Answers / FP&A

How do you build a free-cash-flow forecast, and what's the bridge from EBITDA to free cash flow?

A core FP&A interview question — asked in analyst and associate interviews across IB, PE, and the Big 4.

THE SHORT ANSWER

Start from EBITDA and walk down: deduct cash taxes (not the P&L charge — adjust for deferred tax and any shields), then the change in working capital (an increase consumes cash — receivables/inventory up, payables down), then capex (maintenance plus growth), and any other cash items (cash interest if you want levered FCF, lease payments, restructuring/one-off cash costs, pension contributions).

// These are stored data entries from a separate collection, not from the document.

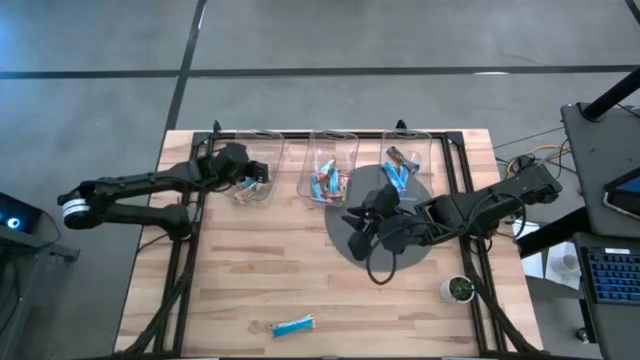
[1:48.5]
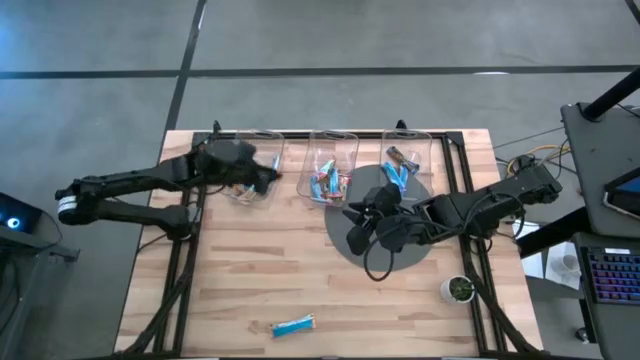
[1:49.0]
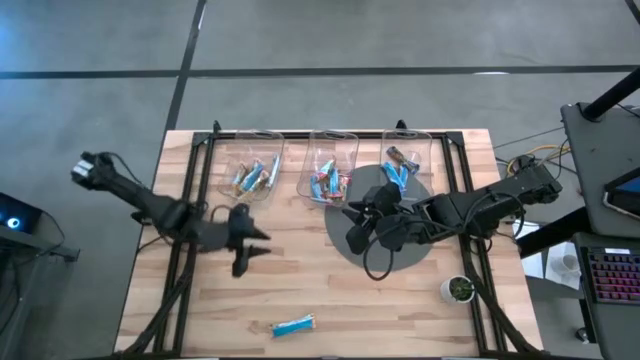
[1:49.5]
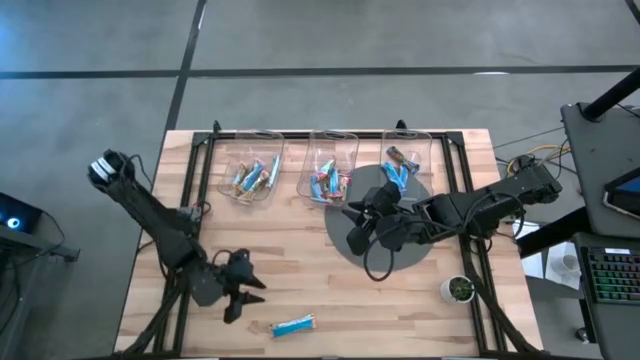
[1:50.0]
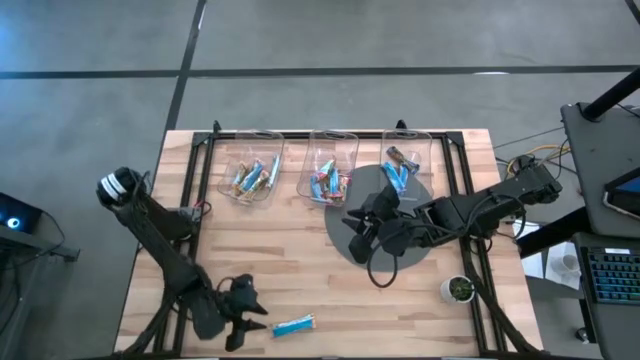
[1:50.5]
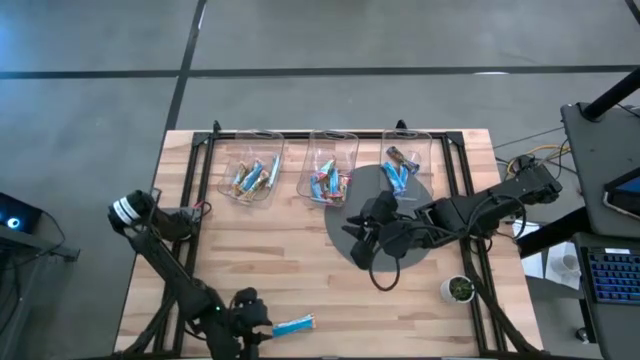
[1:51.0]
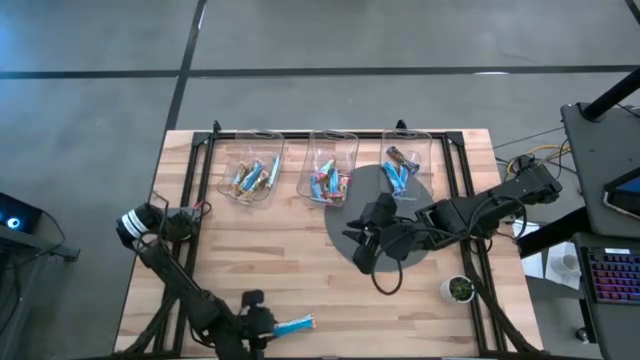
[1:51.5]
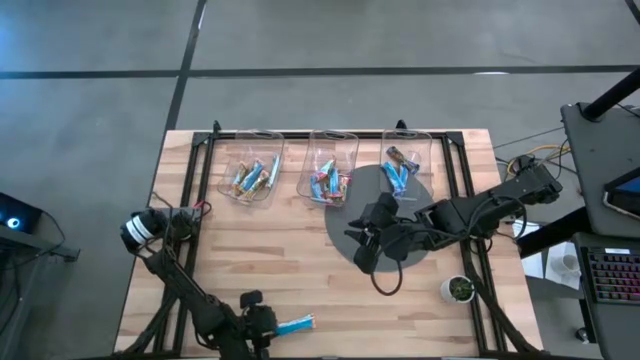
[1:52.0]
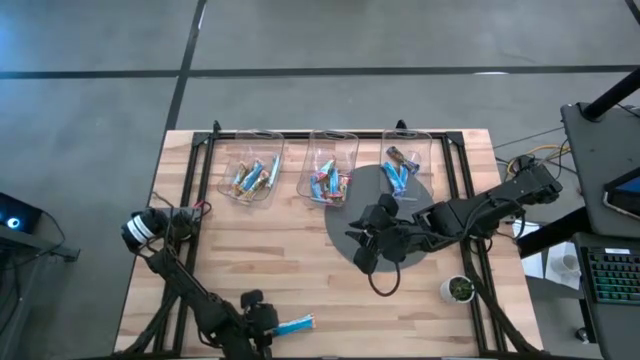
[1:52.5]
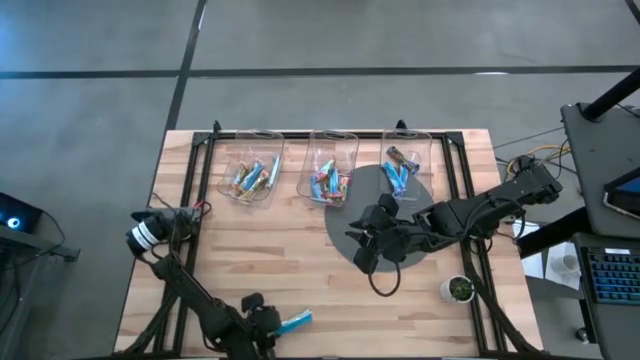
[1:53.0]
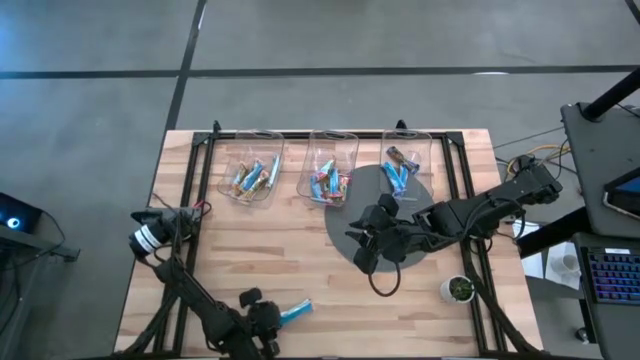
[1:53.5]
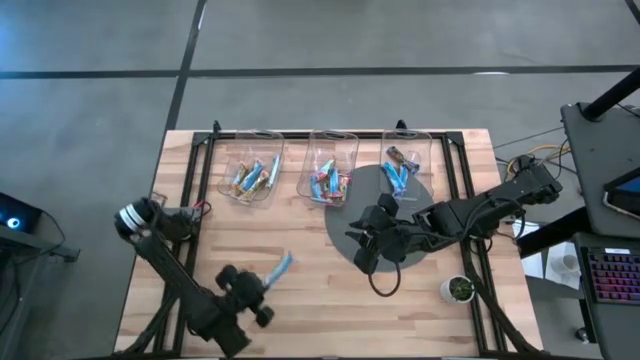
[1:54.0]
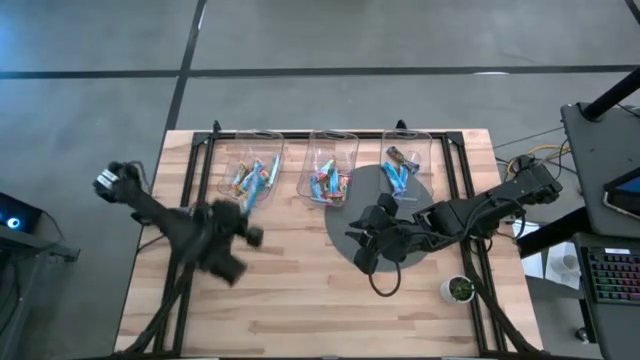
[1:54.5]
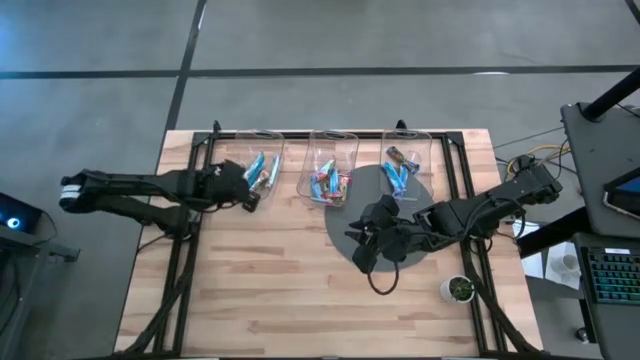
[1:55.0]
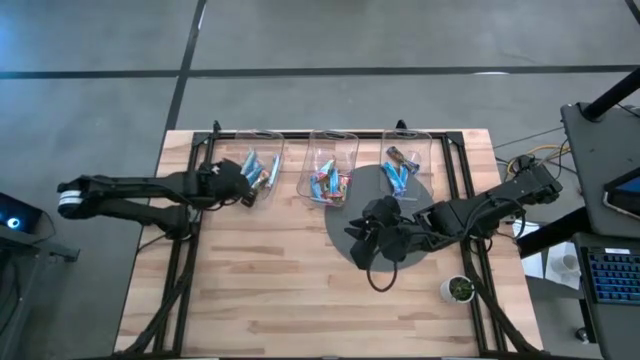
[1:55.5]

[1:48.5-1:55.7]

EBITDA minus cash tax minus ΔWC minus capex (minus cash interest for levered FCF) gives free cash flow. The reason this bridge matters in FP&A is that profitable businesses run out of cash through working-capital growth or heavy capex — EBITDA is not cash. I'd build it driver-based (WC from DSO/DPO/DIO assumptions tied to revenue, capex from the investment plan), tie it to the 3-statement model so the cash flow articulates with the balance sheet, and flag the biggest cash-versus-profit gaps (growth-driven WC, capex cycles) to management.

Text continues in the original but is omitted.